Signed-off-by: Fernando Luis Vazquez Cao <fernando@oss.ntt.co.jp>
---

diff -urNp linux-3.4-rc1-orig/Documentation/networking/ip-sysctl.txt linux-3.4-rc1/Documentation/networking/ip-sysctl.txt
--- linux-3.4-rc1-orig/Documentation/networking/ip-sysctl.txt	2012-03-19 08:15:34.000000000 +0900
+++ linux-3.4-rc1/Documentation/networking/ip-sysctl.txt	2012-04-03 19:08:59.554903584 +0900
@@ -604,15 +604,8 @@ IP Variables:
 ip_local_port_range - 2 INTEGERS
 	Defines the local port range that is used by TCP and UDP to
 	choose the local port. The first number is the first, the
-	second the last local port number. Default value depends on
-	amount of memory available on the system:
-	> 128Mb 32768-61000
-	< 128Mb 1024-4999 or even less.
-	This number defines number of active connections, which this
-	system can issue simultaneously to systems not supporting
-	TCP extensions (timestamps). With tcp_tw_recycle enabled
-	(i.e. by default) range 1024-4999 is enough to issue up to
-	2000 connections per second to systems supporting timestamps.
+	second the last local port number. The default values are 
+	32768 and 61000 respectively.
 
 ip_local_reserved_ports - list of comma separated ranges
 	Specify the ports which are reserved for known third-party

Re: [PATCH v3] TCP: update ip_local_port_range documentation

[David Miller]

From: fernando@intellilink.co.jp
Date: Wed,  4 Apr 2012 03:41:40 +0900

> I forgot to add my Signed-off-by and the patch explanation.
> I am aosrry for the noise. Updated patch attached.
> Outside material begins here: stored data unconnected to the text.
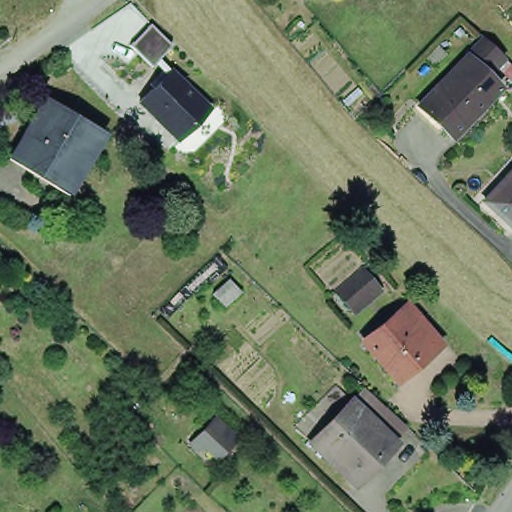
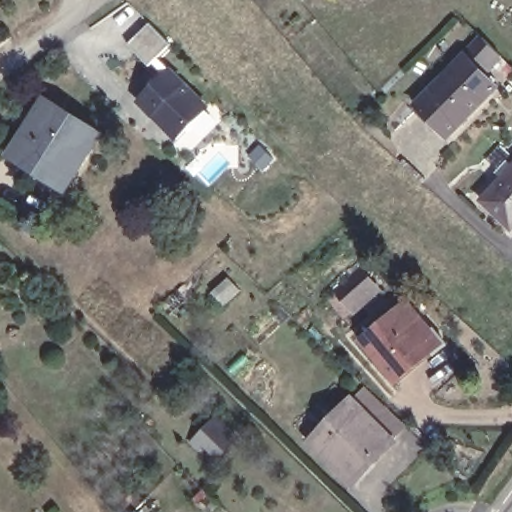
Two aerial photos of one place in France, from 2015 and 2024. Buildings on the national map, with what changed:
unchanged [(129,45),(149,25),(171,46),(171,47),(151,66),(150,68),(128,46),(129,45)]
unchanged [(449,135),(416,102),(464,53),(482,35),(503,56),(484,73),(497,85),(449,135)]
unchanged [(204,105),(198,111),(191,119),(191,127),(177,141),(138,102),(163,77),(169,71),(204,105)]
unchanged [(65,181),(16,151),(50,95),(106,130),(95,150),(87,145),(65,181)]
unchanged [(512,165),(512,225),(483,196),(512,165)]
unchanged [(353,315),(343,303),(366,283),(376,293),(353,315)]
unchanged [(401,377),(369,339),(411,302),(444,342),(401,377)]
unchanged [(315,435),(356,394),(373,410),(333,451),(315,435)]
unchanged [(373,410),(414,448),(380,483),(371,473),(364,480),(333,451),(373,410)]
unchanged [(218,460),(211,453),(204,445),(198,451),(191,444),(214,420),(228,435),(236,442),(218,460)]

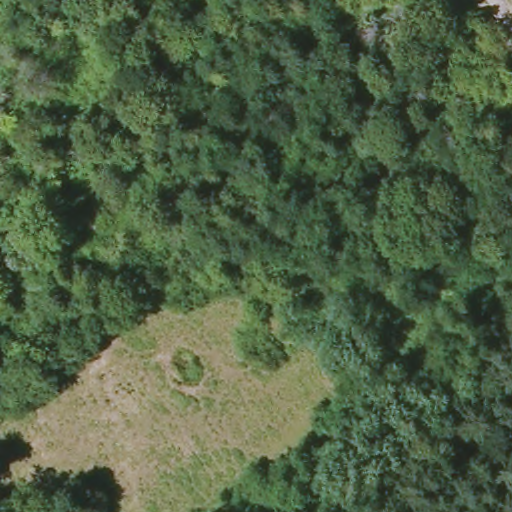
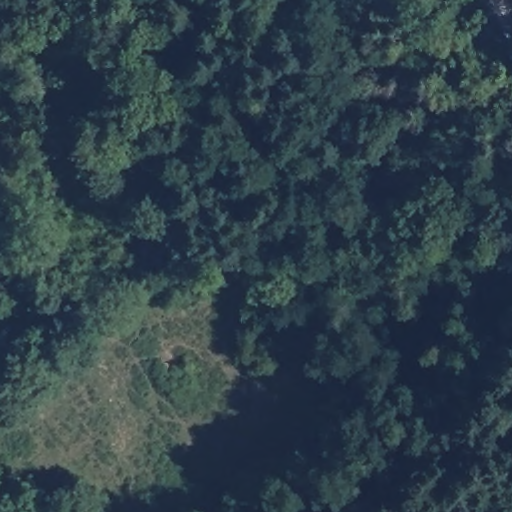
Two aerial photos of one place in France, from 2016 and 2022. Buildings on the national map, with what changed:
unchanged [(461,15),(482,5),(507,60),(484,69),(461,15)]

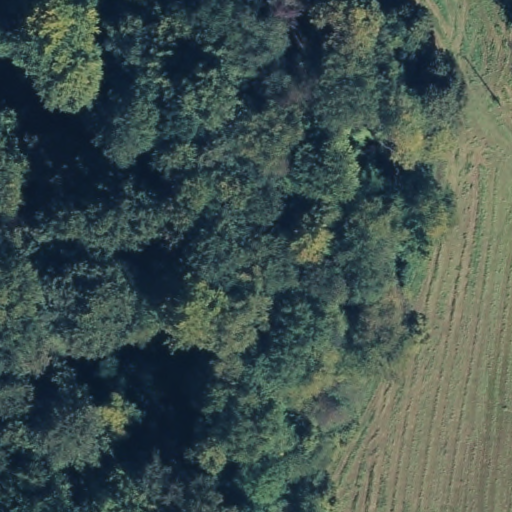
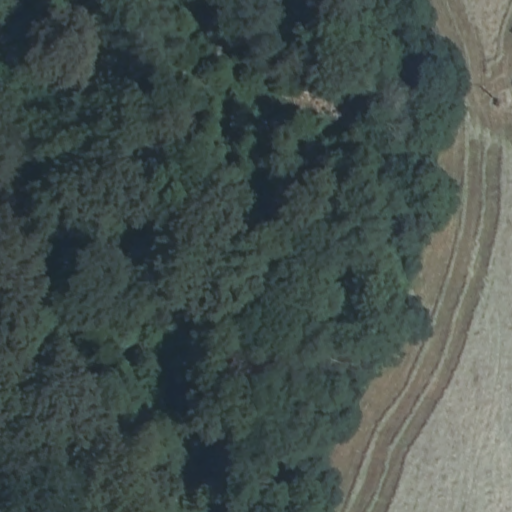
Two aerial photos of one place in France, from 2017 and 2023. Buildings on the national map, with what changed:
[]

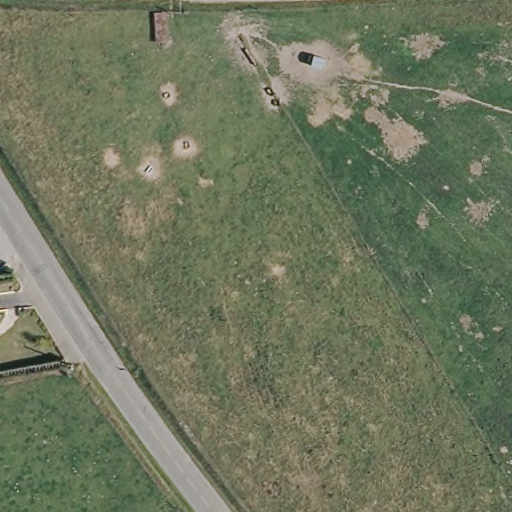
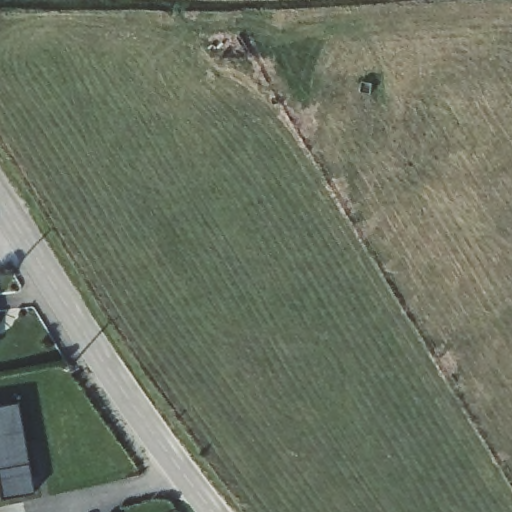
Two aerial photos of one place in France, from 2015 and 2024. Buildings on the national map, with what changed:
new [(35,491),(2,497),(0,482),(0,404),(18,401),(35,491)]

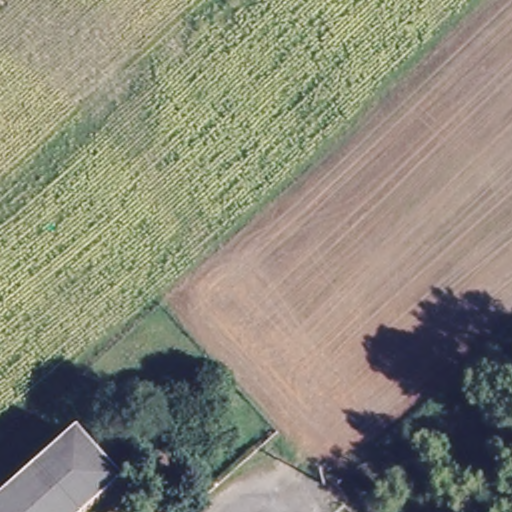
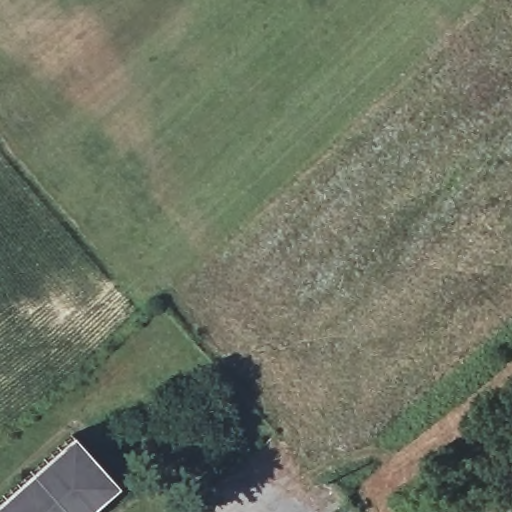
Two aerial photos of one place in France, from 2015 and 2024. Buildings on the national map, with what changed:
unchanged [(113,490),(88,512),(0,512),(0,501),(69,440),(113,490)]

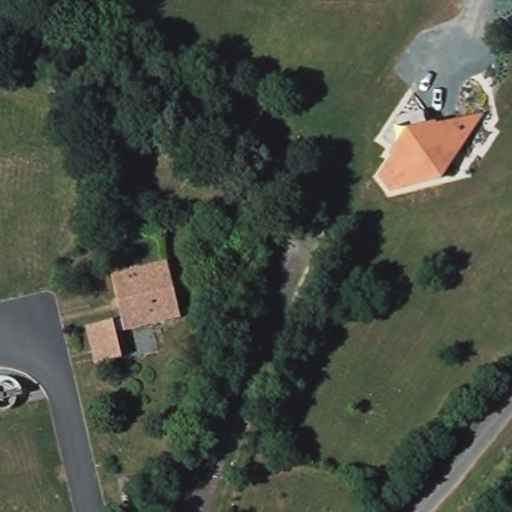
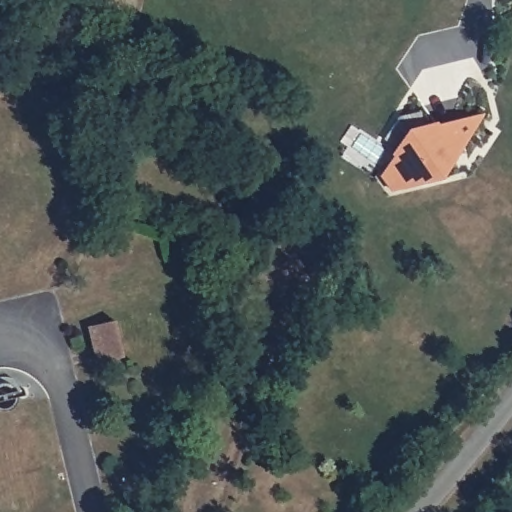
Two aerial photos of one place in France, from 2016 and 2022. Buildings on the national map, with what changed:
unchanged [(384,173),(414,129),(486,113),(444,176),(397,188),(384,173)]
demolished [(116,277),(173,262),(187,317),(130,332),(116,277)]
unchanged [(341,310),(355,279),(367,284),(354,315),(341,310)]
unchanged [(92,326),(119,320),(127,355),(100,361),(92,326)]
unchanged [(8,373),(9,372),(10,372),(10,371),(11,371),(12,371),(13,370),(14,370),(15,370),(16,369),(17,369),(18,369),(19,369),(19,370),(20,370),(21,370),(22,370),(23,371),(24,372),(25,372),(25,373),(26,373),(27,374),(27,375),(28,375),(28,376),(28,377),(29,378),(29,379),(29,380),(29,381),(29,382),(29,383),(29,384),(29,385),(29,386),(28,387),(28,388),(27,389),(27,390),(26,390),(25,391),(24,392),(23,392),(22,393),(21,393),(20,394),(19,394),(18,394),(17,394),(16,394),(15,394),(14,394),(13,393),(12,393),(11,392),(10,392),(10,391),(9,391),(8,390),(8,389),(7,389),(7,388),(6,387),(6,386),(5,385),(5,384),(5,383),(5,382),(5,381),(5,380),(5,379),(5,378),(6,377),(6,376),(7,375),(7,374),(8,374),(8,373)]

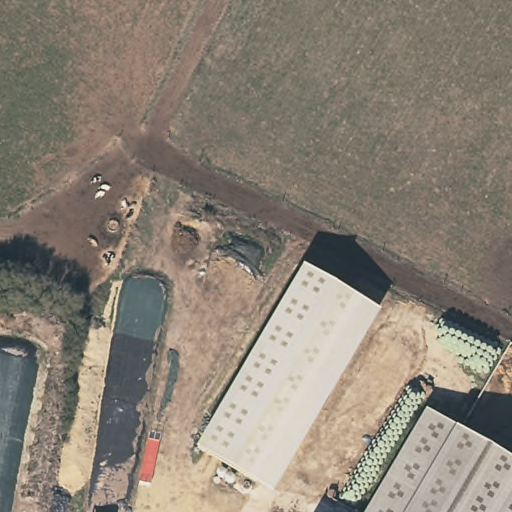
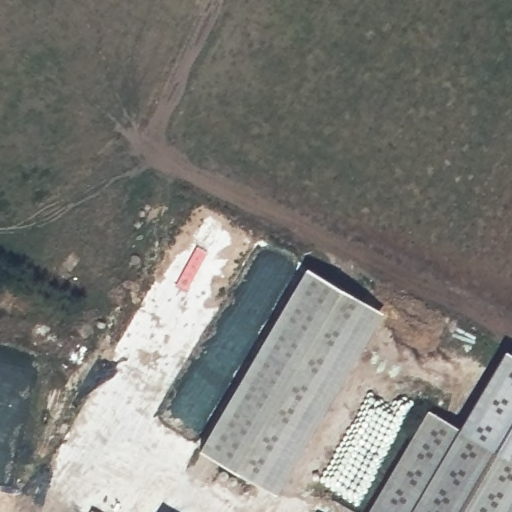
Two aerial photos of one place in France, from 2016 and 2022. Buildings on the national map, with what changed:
unchanged [(275,493),(200,449),(307,266),(383,312),(275,493)]
new [(505,348),(512,352),(512,458),(458,426),(505,348)]
unchanged [(371,512),(431,410),(512,458),(512,512),(371,512)]

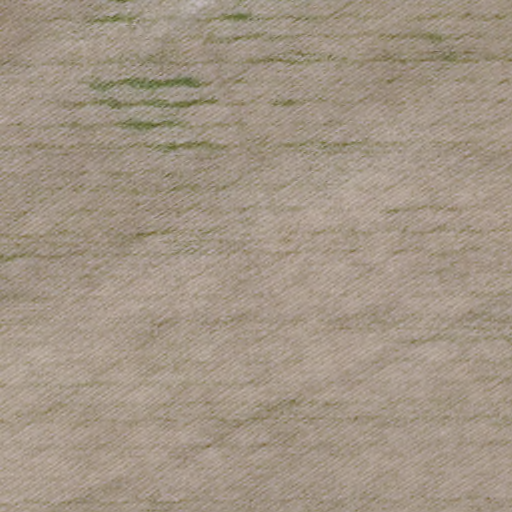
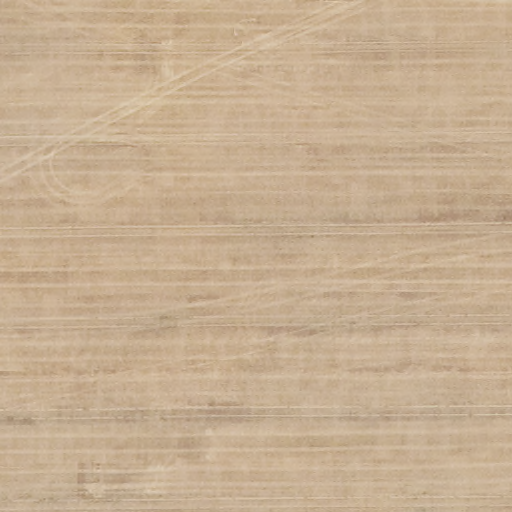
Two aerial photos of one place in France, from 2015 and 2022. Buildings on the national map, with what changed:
[]

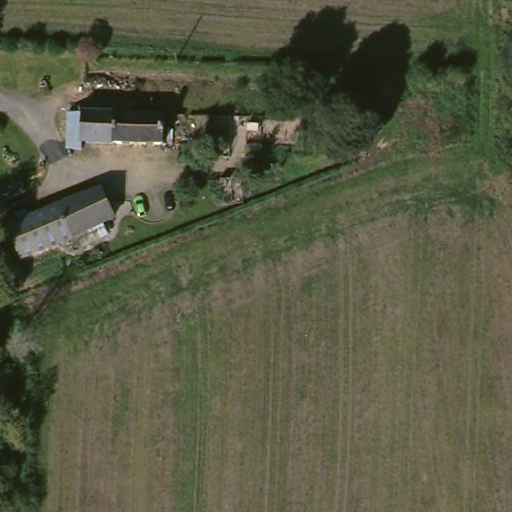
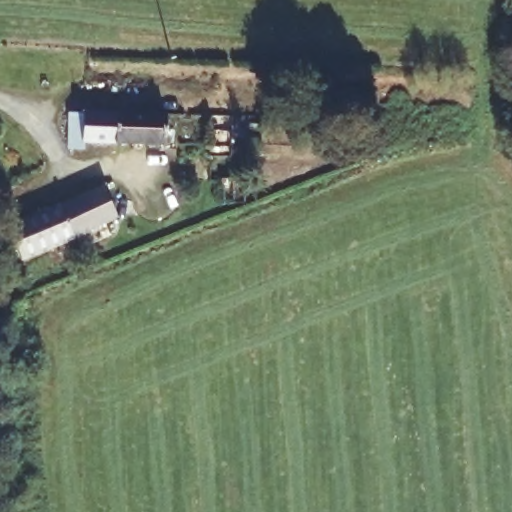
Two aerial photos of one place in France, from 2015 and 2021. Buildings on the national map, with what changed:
unchanged [(87,112),(164,112),(164,121),(164,144),(86,144),(85,148),(74,147),(74,115),(87,112)]
unchanged [(20,260),(7,231),(99,192),(114,222),(20,260)]

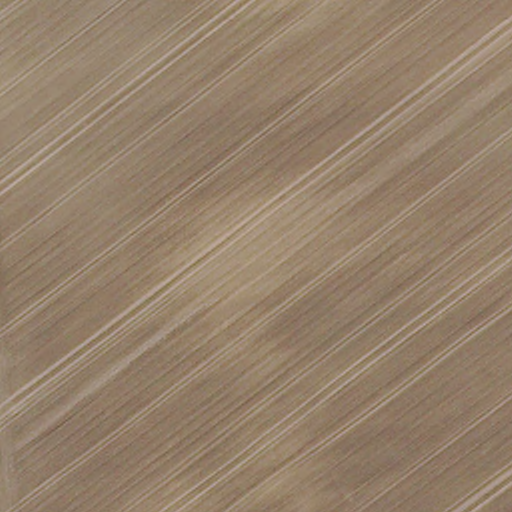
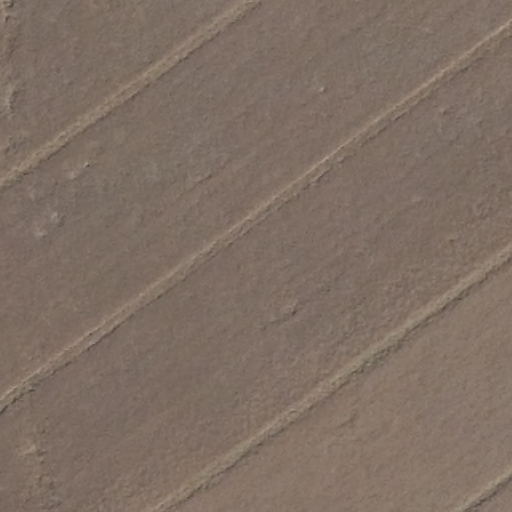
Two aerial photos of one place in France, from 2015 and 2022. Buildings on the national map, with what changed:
[]

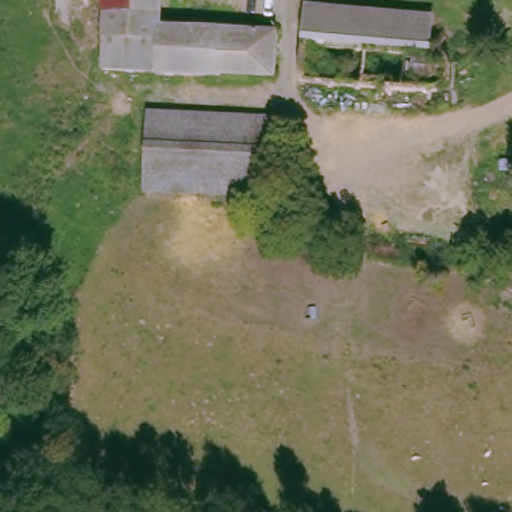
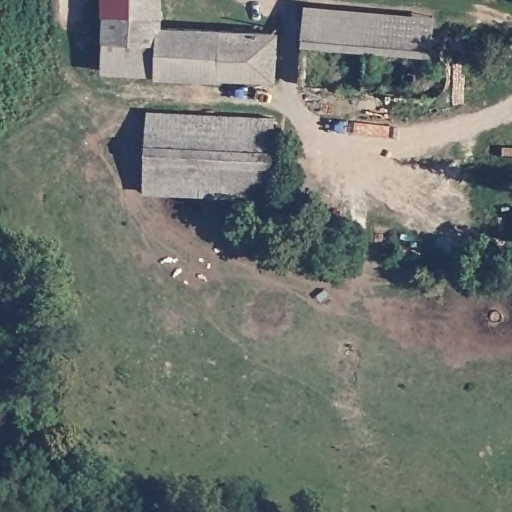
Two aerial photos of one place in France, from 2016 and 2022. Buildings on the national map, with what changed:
unchanged [(278,32),(275,79),(222,76),(222,79),(156,75),(156,72),(102,70),(102,0),(160,0),(161,27),(278,32)]
unchanged [(307,4),(437,15),(435,55),(413,52),(370,49),(302,42),(307,4)]
unchanged [(435,55),(446,56),(451,65),(452,76),(449,85),(443,90),(433,91),(410,90),(413,52),(435,55)]
unchanged [(274,117),(270,197),(144,191),(147,111),(274,117)]

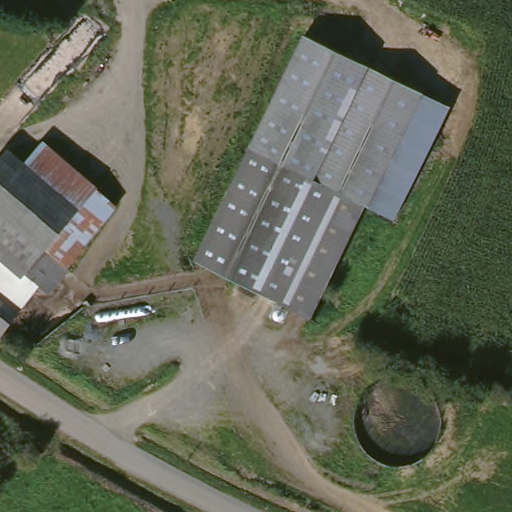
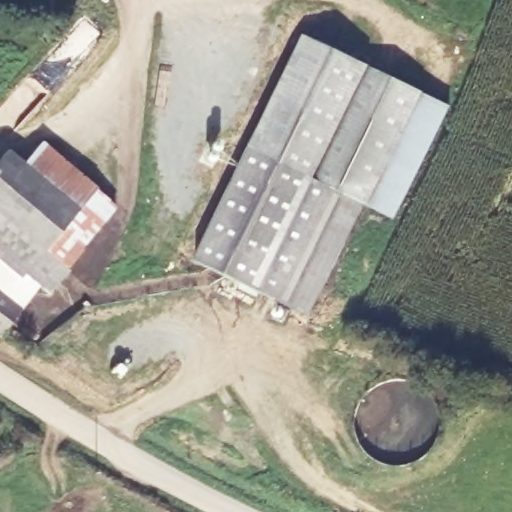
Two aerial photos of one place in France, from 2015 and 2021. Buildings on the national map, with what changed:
unchanged [(370,199),(307,322),(193,265),(300,39),(422,97),(370,199)]
unchanged [(453,110),(400,221),(370,199),(422,97),(453,110)]
unchanged [(0,302),(0,152),(52,181),(62,173),(94,190),(45,288),(38,284),(20,314),(0,302)]
unchanged [(2,344),(0,343),(0,302),(20,314),(2,344)]

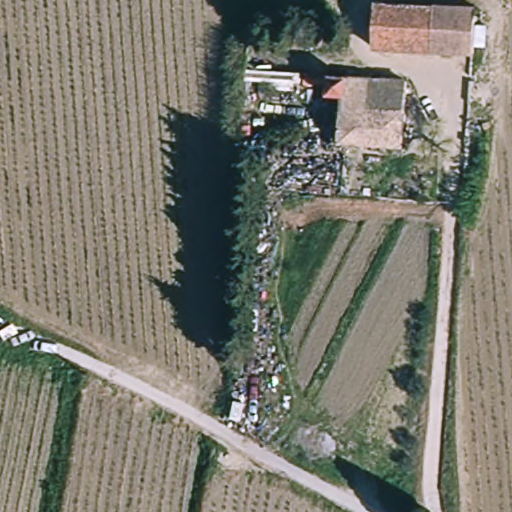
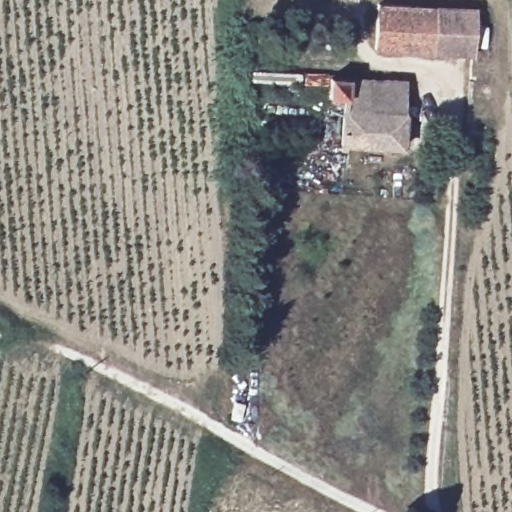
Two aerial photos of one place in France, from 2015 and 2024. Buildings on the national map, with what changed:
unchanged [(373,47),(375,1),(472,6),(467,49),(373,47)]
unchanged [(315,25),(314,40),(242,35),(244,21),(315,25)]
unchanged [(337,100),(327,99),(327,76),(402,80),(402,142),(337,141),(337,100)]

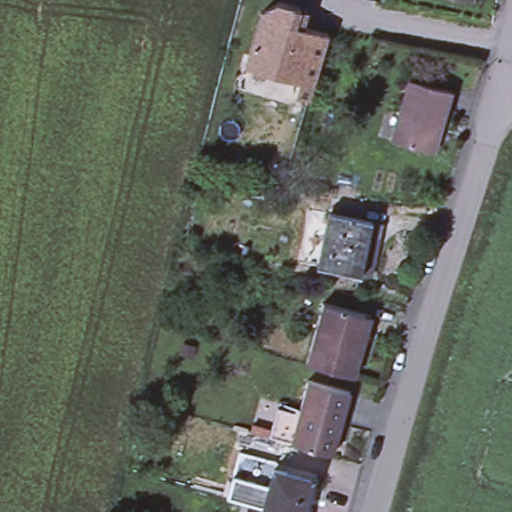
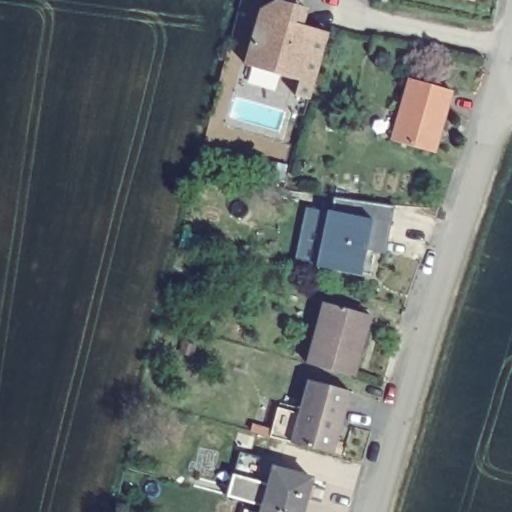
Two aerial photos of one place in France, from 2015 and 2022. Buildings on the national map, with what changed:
unchanged [(280,3),(299,8),(294,25),(327,34),(320,60),(307,102),(294,98),(299,84),(245,69),(262,13),(280,3)]
unchanged [(432,150),(396,141),(412,79),(454,89),(444,125),(437,152),(432,150)]
unchanged [(322,221),(325,210),(377,222),(365,278),(313,267),(315,257),(307,255),(314,219),(322,221)]
unchanged [(356,379),(350,377),(319,369),(309,366),(325,305),(366,316),(372,318),(356,379)]
unchanged [(279,409),(299,415),(309,381),(351,393),(335,456),(291,444),(291,443),(271,437),(279,409)]
unchanged [(315,477),(306,512),(290,512),(265,505),(276,466),(315,477)]
unchanged [(263,512),(265,505),(290,512),(263,512)]

Since you put this at the top of the message body, I had to
edit it out of the patch submission by hand.

Your commit message proper needed to be edited by hand as well
because there were missing spaces between the Documentation
file path and the word that came right afterwards.

Furthermore, you had trailing whitespace in your patch, which I also
had to fix up by hand.

You know, this wasn't exactly a rocket-science patch, I spent more
time fixing up your patch than I would have spend implementing
the patch myself.  That is _never_ a good sign.